PSO is a bionic algorithm used for the study of birds searching for food in nature. It regards birds as a particle in space, and a bird swarm is subject to PSO [39,40]. A single particle carries corresponding information—i.e., its own velocity and location—and determines the distance and direction of its motion according to the corresponding information of the particle itself. The PSO is used to initialize a group of particles which are randomly distributed into a solution space to be searched and then iterated according to a given equation. The equation of the mature particle swarm optimization algorithm includes two optimum concepts. The first is the local optimum p_best and the other is the global optimum g_best. The local optimum is the best solution obtained by each particle in the search, and the global optimum is the best solution obtained by this particle swarm. The PSO algorithm has the characteristics of memory, using positive feedback adjustment; the principle of the algorithm is simple, the parameters are few, and the applicability is good. The formulae of PSO are Equations (4) and (5), as described.

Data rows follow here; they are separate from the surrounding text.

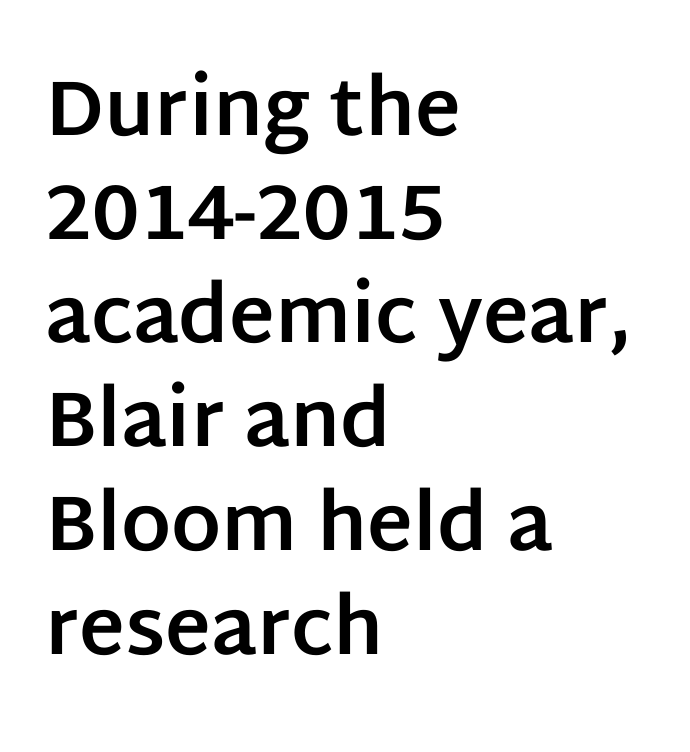
Q: Is the text bold? A: Yes.
Q: Is the text italic (slanted)? A: No, it is upright.
Q: Is the typeface a serif or a sans-serif typeface? A: Sans-serif.
Q: Is the text underlined? A: No.
Q: How is the paragraph aligned? A: Left-aligned.
Q: Is the spacing between letters normal or unusually wide? A: Normal.
Q: Is the spacing between lines tight, normal or loose? A: Normal.
Q: Width (condensed, normal, or wide)? A: Normal.
Q: Stroke contrast? A: Low.
Q: x-height? A: Large.
Q: Monospaced? A: No.
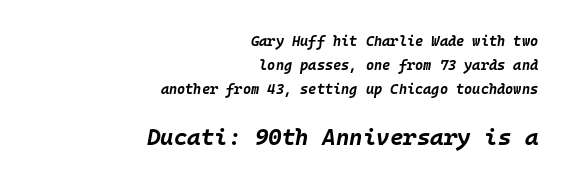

$$v_i^{t+1}=w{v}_i^t+c_1\times ran{d}_1^t\times \left(x_i^{p_{best}}-x_i^t\right)+c_{2 }\times ran{d}_2^t\times \left(x^{gbest}-x_i^t\right)$$

(4)

$$x_i^{t+1}=x_i^t+v_i^{t+1}$$

(5)

In Equation (4), $v_i^t \mathrm{and} v_i^{t+1}$ denote the velocity of the ith particle in iterations $t$ and $t+1,$ $w$ is the inertia weight, $c_1$ and $c_2$ are learning factors, $ran{d}_1^t$ and $ran{d}_2^t$ are random numbers between [0, 1] in iteration $t$, $x_i^{p_{best}}$ is the best location of the ith particle, and $x^{gbest}$ is the best location of fitness found by all particles in the population. In Equation (5), $x_i^t$ and $x_i^{t+1}$ denote the location of the ith particle in iterations $t$ and $t+1$. A flow chart of PSO is shown in Figure 2.

3. The Proposed Algorithm

In this paper, the incorporation of particle swarm optimization into an improved bacterial foraging optimization algorithm applied to the classification of imbalanced data is proposed. Three datasets are used for testing the performance of the proposed algorithm. One consists of ovarian cancer microarray data, and the other two, obtained from the UCI repository, are a spam email dataset and zoo dataset. The ovarian cancer microarray data were obtained from Taiwan’s university. There are 9600 features in the microarray data of ovarian cancer, which were collected from China Medical University Hospital, with an imbalance ratio of about 1:20 [41,42]. The instances of microarray data we used included ovarian tissue, vaginal tissue, cervical tissue, and myometrium, including six benign ovarian tumors (BOT), 10 ovarian tumors (OVT), and 25 ovarian cancers (OVCA). The spam email dataset and zoo dataset were obtained from the UCI repository [43]. For the spam email dataset, there were 4601 emails with 58 features, as shown in

Table 1. The 58 features of the spam email dataset.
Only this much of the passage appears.